------ DATA EXTRACT

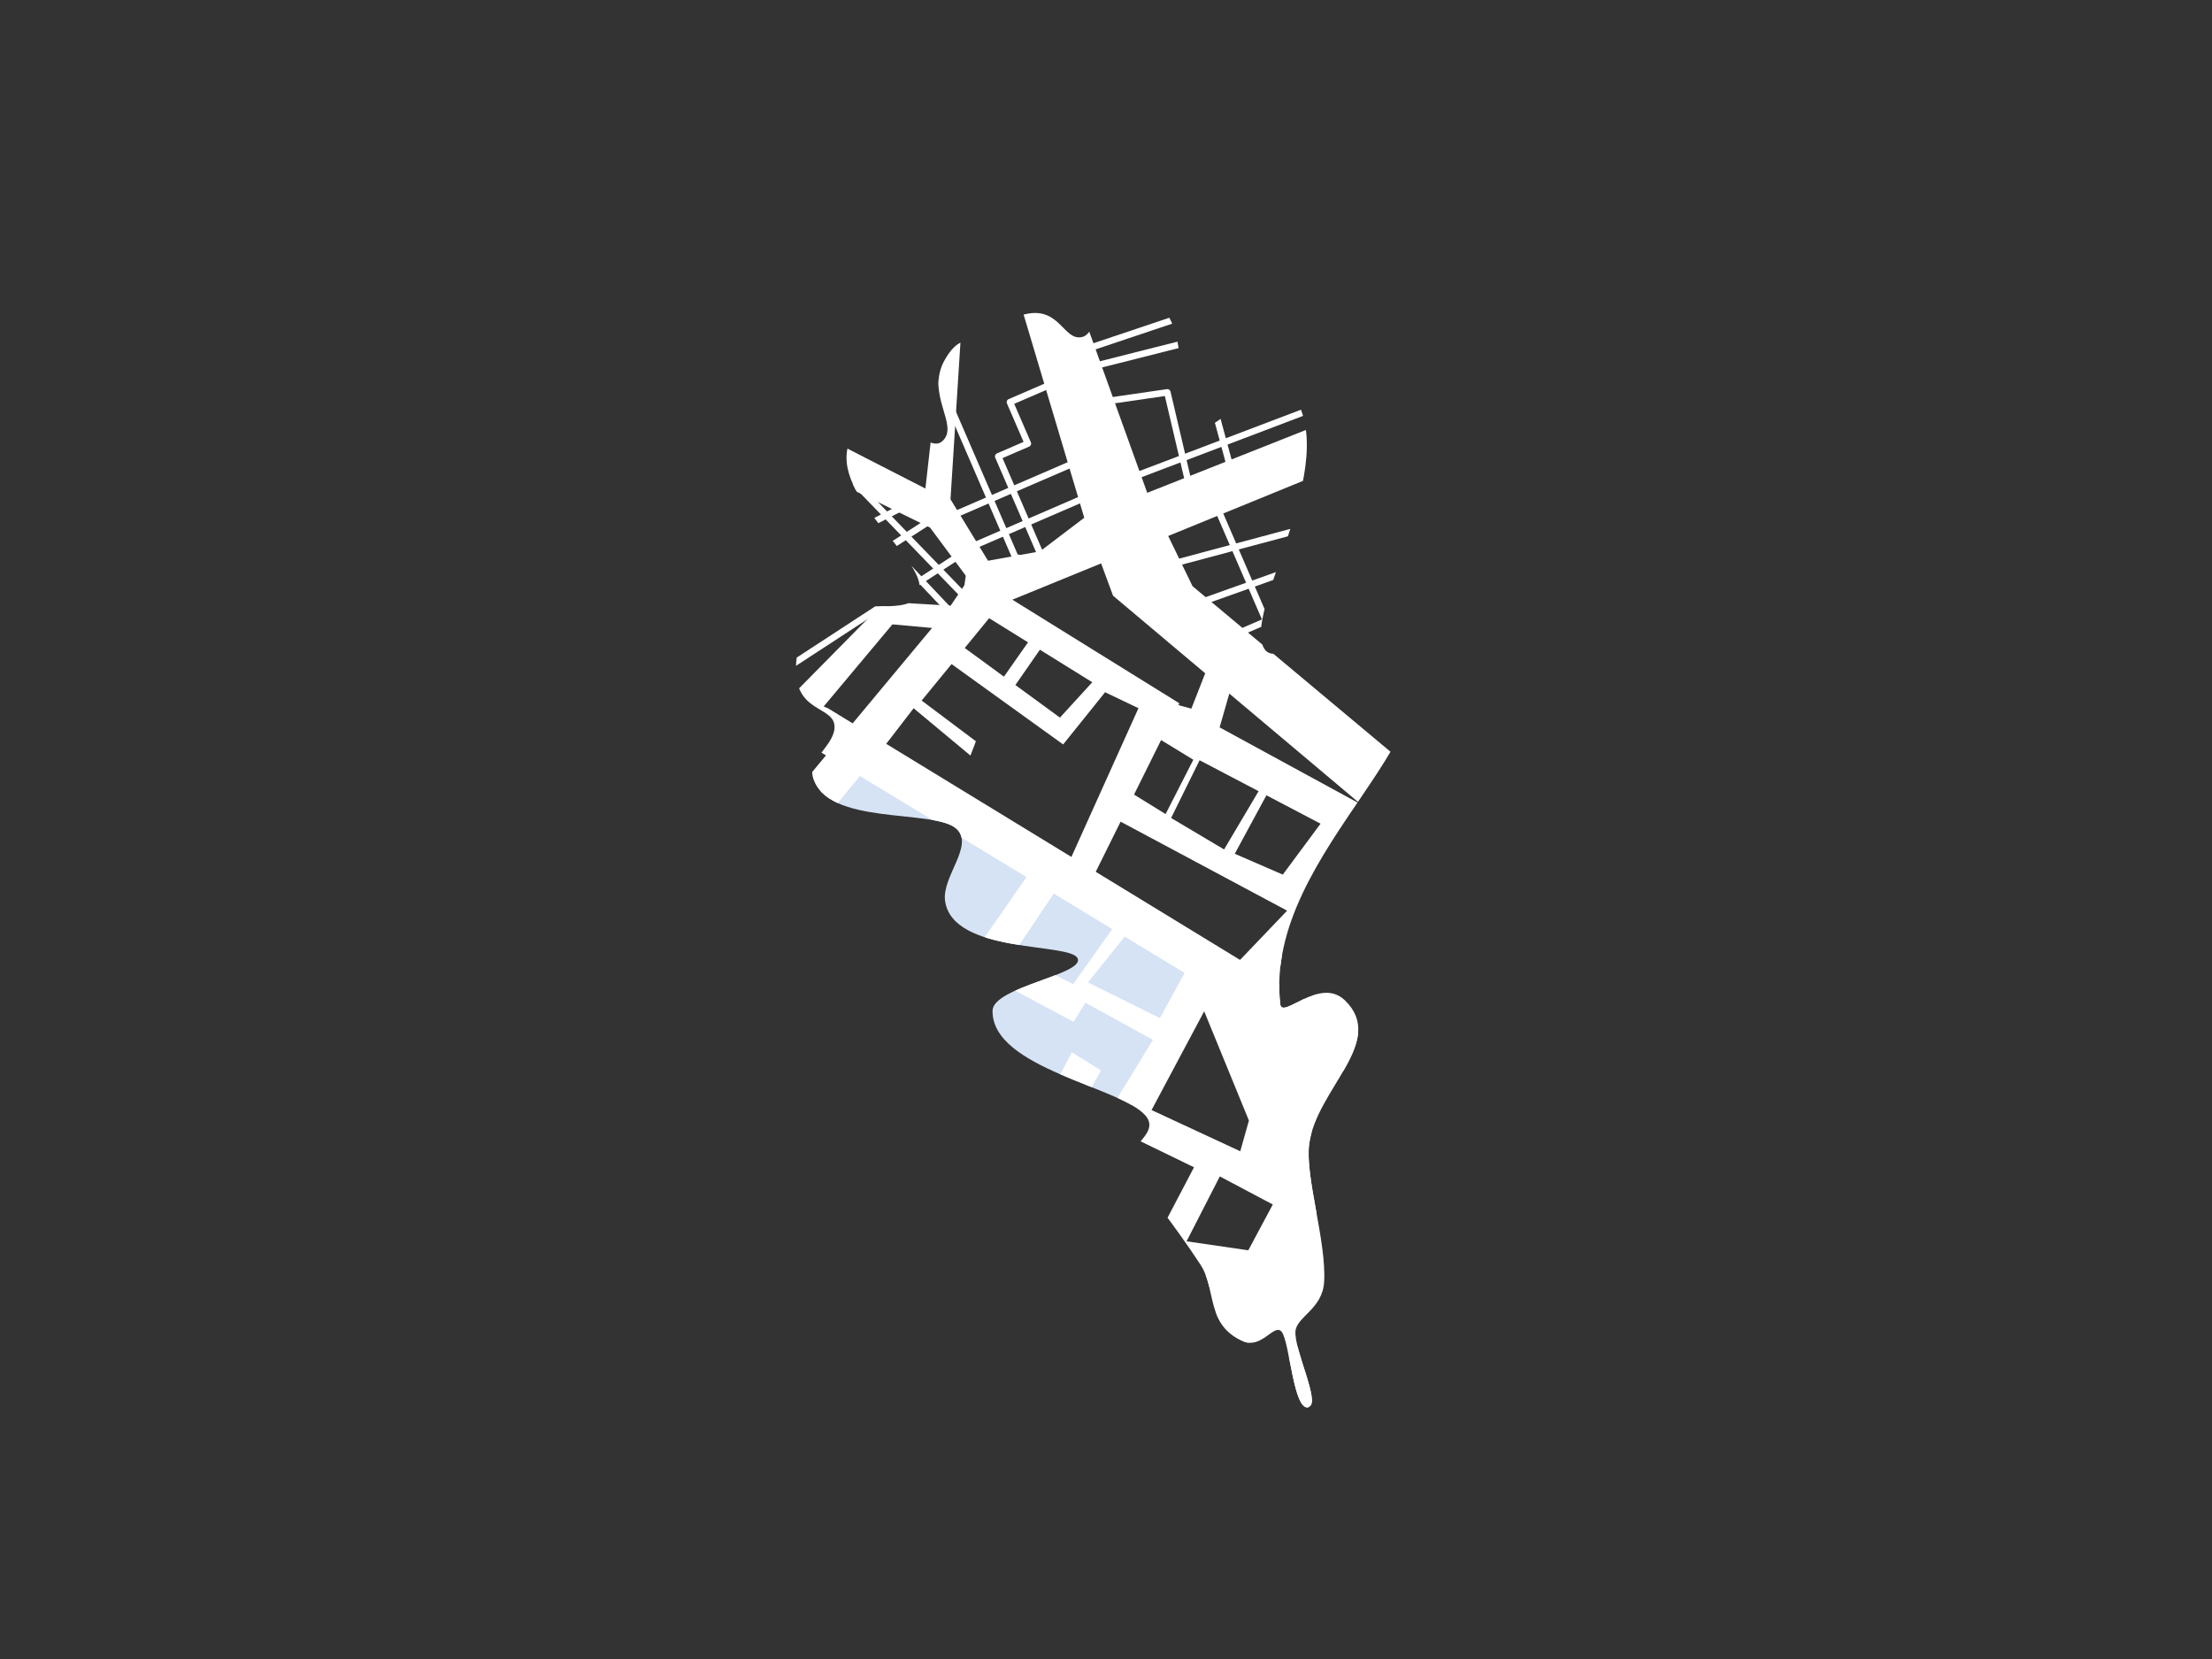 <?xml version="1.0" encoding="UTF-8" standalone="no"?>
<!DOCTYPE svg PUBLIC "-//W3C//DTD SVG 1.1//EN" "http://www.w3.org/Graphics/SVG/1.1/DTD/svg11.dtd">
<svg width="100%" height="100%" viewBox="0 0 1024 768" version="1.1" xmlns="http://www.w3.org/2000/svg" xmlns:xlink="http://www.w3.org/1999/xlink" xml:space="preserve" xmlns:serif="http://www.serif.com/" style="fill-rule:evenodd;clip-rule:evenodd;stroke-linecap:round;stroke-linejoin:round;stroke-miterlimit:1.5;">
    <rect x="0" y="0" width="1024" height="768" fill="#333333" stroke="none"/>
    <g id="oak" transform="matrix(1.122,-0.485,0.485,1.122,-204.746,229.093)">
        <path d="M473.523,549.939C472.286,545.825 463.94,553.115 458.727,547.489C448.149,536.073 457.297,525.427 455.431,514.637C452.278,496.415 447.697,479.923 445.544,471.601C443.054,461.97 461.546,464.01 458.727,454.47C454.686,440.792 412.254,414.86 421.297,394.91C425.003,386.733 458.727,396.191 458.727,389.531C458.727,382.872 415.776,369.393 421.297,349.572C423.761,340.726 439.773,334.769 436.113,326.347C431.554,315.855 391.089,305.954 393.941,286.62C394.972,279.635 407.091,278.683 409.221,271.951C411.768,263.904 392.839,260.505 409.221,238.336C424.289,217.944 450.476,249.032 458.727,238.336C466.979,227.64 439.788,188.959 458.727,174.161C477.484,159.506 480.527,192.191 489.287,189.44C498.047,186.69 490.248,170.663 502.584,161.414C516.503,150.978 518.013,166.826 522.291,166.826C526.57,166.826 522.39,155.304 536.96,157.659C550.54,159.853 546.535,172.633 553.462,174.161C560.389,175.689 565.042,157.609 578.521,166.826C600.438,181.814 572.103,212.666 578.521,221.834C584.938,231.001 612.26,209.916 617.026,221.834C629.856,253.917 570.072,291.458 570.072,308.877C570.072,322.686 606.793,300.442 617.026,326.347C633.6,368.303 539.731,378.988 522.291,435.873C520.506,441.695 540.206,432.004 545.326,444.261C553.934,464.869 521.986,470.894 511.29,488.924C504.891,499.712 502.76,525.288 495.792,539.063C491.114,548.312 480.876,546.952 478.348,552.026C475.136,558.472 476.374,580.401 471.781,580.276C465.389,580.102 474.94,554.655 473.523,549.939Z" style="fill:none;"/>
        <clipPath id="_clip1">
            <path d="M473.523,549.939C472.286,545.825 463.94,553.115 458.727,547.489C448.149,536.073 457.297,525.427 455.431,514.637C452.278,496.415 447.697,479.923 445.544,471.601C443.054,461.97 461.546,464.01 458.727,454.47C454.686,440.792 412.254,414.86 421.297,394.91C425.003,386.733 458.727,396.191 458.727,389.531C458.727,382.872 415.776,369.393 421.297,349.572C423.761,340.726 439.773,334.769 436.113,326.347C431.554,315.855 391.089,305.954 393.941,286.62C394.972,279.635 407.091,278.683 409.221,271.951C411.768,263.904 392.839,260.505 409.221,238.336C424.289,217.944 450.476,249.032 458.727,238.336C466.979,227.64 439.788,188.959 458.727,174.161C477.484,159.506 480.527,192.191 489.287,189.44C498.047,186.69 490.248,170.663 502.584,161.414C516.503,150.978 518.013,166.826 522.291,166.826C526.57,166.826 522.39,155.304 536.96,157.659C550.54,159.853 546.535,172.633 553.462,174.161C560.389,175.689 565.042,157.609 578.521,166.826C600.438,181.814 572.103,212.666 578.521,221.834C584.938,231.001 612.26,209.916 617.026,221.834C629.856,253.917 570.072,291.458 570.072,308.877C570.072,322.686 606.793,300.442 617.026,326.347C633.6,368.303 539.731,378.988 522.291,435.873C520.506,441.695 540.206,432.004 545.326,444.261C553.934,464.869 521.986,470.894 511.29,488.924C504.891,499.712 502.76,525.288 495.792,539.063C491.114,548.312 480.876,546.952 478.348,552.026C475.136,558.472 476.374,580.401 471.781,580.276C465.389,580.102 474.94,554.655 473.523,549.939Z"/>
        </clipPath>
        <g clip-path="url(#_clip1)">
            <path d="M359.444,307.723L417.936,282.654L503.885,412.771L417.936,476.195L359.444,307.723Z" style="fill:rgb(213,227,245);"/>
            <path d="M548.169,416.175L503.885,423.185L497.349,479.012L485.333,490.778L497.349,508.64L473.276,527.254L435.064,508.64L468.152,581.372L575.722,547.756L575.722,445.688L548.169,416.175Z" style="fill:white;"/>
            <g transform="matrix(1.596,0.474,-0.496,1.67,281.481,-123.21)">
                <path d="M38.002,224.303L18.216,247.612L-9.094,265.693L1.867,272.633L2.187,279.265L-16.932,270.398L-57.892,298L-60.268,290.358L13.717,244.734L28.085,224.77L21.659,219.279L-11.619,220.18L-11.619,213.295L21.659,213.295L31.068,220.18L35.405,215.176L35.405,160.114L31.068,143.44L13.167,133.578L15.981,125.061L63.173,150.787L71.103,135.305L45.075,124.512L50.095,115.547L56.191,115.547L51.595,122.276L73.356,130.907L77.815,120.781L93.485,109.451L116.077,109.451L131.855,124.512L168.074,147.821L176.054,115.547L180.266,115.547L173.453,150.787L180.266,165.027L192.259,164.345L203.163,158.238L190.29,86.89L201.8,86.89L218.065,154.485L301.068,133.578L301.068,143.44L221.626,164.345L225.766,175.811L270.591,221.336L275.243,228.724L292.206,228.004L308.042,234.659L308.042,244.299L292.206,238.791L281.581,238.791L282.498,240.247L282.498,255.655L262.186,278.768L259.433,282.612L307.343,318.705L300.619,325.877L278.064,308.564L224.573,361.055L211.354,411.259L201.8,411.259L219.3,353.597L211.64,349.322L194.949,372.62L180.722,399.799L182.342,414.608L170.435,424.449L170.435,402.737L178.96,382.858L115.831,382.979L125.899,415.367L116.428,418.057L103.631,380.856L84.843,385.806L74.461,417.76L62.211,417.76L74.461,389.185L63.532,357.433L44.977,360.448L44.977,353.597L65.289,350.28L65.289,310.143L2.187,279.265L1.867,272.633L65.289,303.405L86.551,253.129L46.768,224.303L38.002,224.303ZM44.977,150.787L46.768,170.413L73.356,178.908L80.344,169.824L44.977,150.787ZM84.843,172.139L75.21,185.575L46.768,175.893L46.768,217.131L54.411,217.131L64.956,224.381L68.922,218.716L83.015,199.141L77.815,194.905L80.344,190.458L86.551,196.439L98.003,178.908L84.843,172.139ZM66.963,225.761L74.332,230.827L94.91,207.484L88.533,203.683L76.496,221.336L72.364,218.716L66.963,225.761ZM80.105,234.796L83.099,236.854L92.404,244.399L101.353,236.316L87.934,225.462L80.105,234.796ZM71.1,155.108L88.533,164.612L94.561,149.973L99.223,131.326L94.561,131.326L88.912,119.49L83.086,124.512L71.1,155.108ZM170.6,173.759L175.343,168.527L168.074,156.374L127.551,131.326L108.188,115.547L93.485,115.547L93.334,115.678L97.865,123.944L105.859,125.596L105.859,131.326L97.865,156.374L94.561,156.374L91.503,166.23L102.124,172.02L110.232,158.471L116.83,158.471L107.434,174.915L132.768,188.725L155.767,171.202L170.6,173.759ZM165.809,178.087L156.952,176.285L139.199,192.23L140.146,192.747L145.291,196.623L165.809,178.087ZM152.315,201.914L191.079,231.117L210.252,200.746L203.147,196.439L192.259,206.621L169.229,186.387L161.49,193.491L172.642,203.683L171.019,206.621L159.468,194.941L152.315,201.914ZM172.642,183.254L180.722,190.458L187.089,183.674L178.96,177.455L172.642,183.254ZM184.707,174.061L219.616,200.746L219.362,201.116L222.186,202.214L226.27,194.941L207.556,175.811L205.735,168.527L184.707,174.061ZM231.165,199.945L228.062,206.988L257.883,227.257L231.165,199.945ZM267.907,237.503L263.497,240.404L262.546,239.779L245.871,252.522L250.645,252.522L260.008,246.095L262.546,247.744L250.645,255.276L242.566,255.276L232.113,262.03L252.287,277.228L270.591,255.655L270.591,240.247L267.907,237.503ZM270.426,302.702L254.047,290.129L216.516,342.515L224.573,346.711L270.426,302.702ZM246.761,284.537L223.602,266.761L232.003,295.66L226.683,302.228L231.667,305.175L246.761,284.537ZM227.152,311.348L215.948,303.92L206.681,317.066L220.385,320.602L227.152,311.348ZM214.652,328.441L150.628,312.112L141.635,325.101L147.569,328.476L137.39,344.927L115.266,334.728L114.435,336.198L74.702,316.656L74.702,348.744L87.148,346.711L87.148,338.071L94.607,338.071L94.607,365.899L87.148,365.899L87.148,353.597L75.106,355.553L83.015,379.512L102.899,374.442L181.622,374.442L214.652,328.441ZM74.702,308.473L114.435,326.444L116.738,322.444L74.702,301.672L74.702,308.473ZM76.496,297.431L91.337,304.666L105.076,285.912L129.478,300.312L135.423,289.986L92.058,260.648L76.496,297.431ZM94.91,254.609L139.07,283.908L144.055,275.609L109.884,240.863L94.91,254.609ZM116.234,235.034L148.401,268.724L180.389,234.292L145.501,208.169L116.234,235.034ZM138.398,202.85L126.763,194.138L120.13,201.374L130.579,209.913L138.398,202.85ZM127.939,212.298C122.637,208.029 111.477,199.141 110.495,199.141C109.688,199.141 106.499,203.905 104.217,207.484L120.677,218.858L127.939,212.298ZM114.15,224.755L97.371,212.54L91.694,219.352L107.565,230.704L114.15,224.755ZM91.528,198.717L99.91,204.508L112.154,186.188L103.258,181.611L91.528,198.717ZM123.651,192.102L118.292,189.345L113.785,196.439L117.428,199.141L123.651,192.102ZM196.173,234.955L226.379,257.711L238.343,248.299L203.147,224.777L196.173,234.955ZM213.509,259.093L200.958,249.694L191.418,258.624L206.699,268.196L213.509,259.093ZM198.353,247.744L186.099,238.568L175.343,250.518L188.034,258.624L198.353,247.744ZM206.915,219.279L213.509,224.303L221.247,213.295L214.5,208.211L206.915,219.279ZM189.572,185.575L183.08,192.561L192.259,200.746L200.521,193.952L189.572,185.575ZM259.769,237.954L252.917,233.453L247.071,242.961L250.645,246.095L259.769,237.954ZM248.252,230.388L236.791,222.857L228.062,234.659L238.343,240.404L248.252,230.388ZM235.136,221.769L222.65,213.566L214.652,225.287L225.766,233.453L235.136,221.769ZM200.21,315.395L210.367,301.276L198.043,293.702L185.067,311.487L200.21,315.395ZM202.328,287.827L221.247,299.014L224.033,292.61L216.888,267.87L202.328,287.827ZM149.992,303.947L162.447,305.676L185.9,273.305L191.996,277.967L186.08,285.703L191.344,288.722L204.544,272.703L190.29,262.948L187.089,266.761L170.435,255.655L152.334,276.223L165.101,286.214L156.136,299.841L140.146,291.655L136.337,299.197L149.992,303.947ZM169.446,307.455L176.054,309.16L186.708,294.919L181.528,291.655L169.446,307.455ZM119.162,318.232L127.551,303.66L105.859,291.655L94.561,306.592L119.162,318.232ZM132.578,304.596L131.188,306.592L125.808,316.1L136.298,322.066L144.044,310.263L132.578,304.596ZM122.725,321.547L118.102,329.716L132.44,337.583L137.39,328.476L122.725,321.547ZM149.611,280.134L144.149,287.978L155.767,294.919L159.468,287.827L149.611,280.134Z" style="fill:white;"/>
            </g>
            <path d="M485.333,141.487L497.349,170.335L497.349,240.744L506.559,247.1L506.559,203.095L518.783,203.095L518.783,185.981L541.275,185.981L541.275,216.785L478.2,216.785L478.2,230.476L541.275,230.476" style="fill:none;stroke:white;stroke-width:2.47px;"/>
            <path d="M552.689,178.958L636.053,185.981L636.053,199.486L552.689,185.981L549.935,199.486L574.969,206.246L568.46,242.545L585.484,242.545L590.741,206.246L628.543,216.76L628.543,234.034L545.679,230.279L545.679,265.827L620.282,276.842L605.762,287.607L552.689,284.102L552.689,300.625L574.969,300.625L574.969,253.811" style="fill:none;stroke:white;stroke-width:2.47px;"/>
            <path d="M383.474,211.557L467.589,206.246L474.098,215.062L380.219,230.584L386.728,247.357L484.362,230.584L474.098,247.357L453.32,192.281L445.559,192.281L467.589,252.614" style="fill:none;stroke:white;stroke-width:2.47px;"/>
        </g>
    </g>
</svg>

------------

Count every line of the records that holds "transform". State the number, nothing else.

#### OUTPUT OF THE TASK
2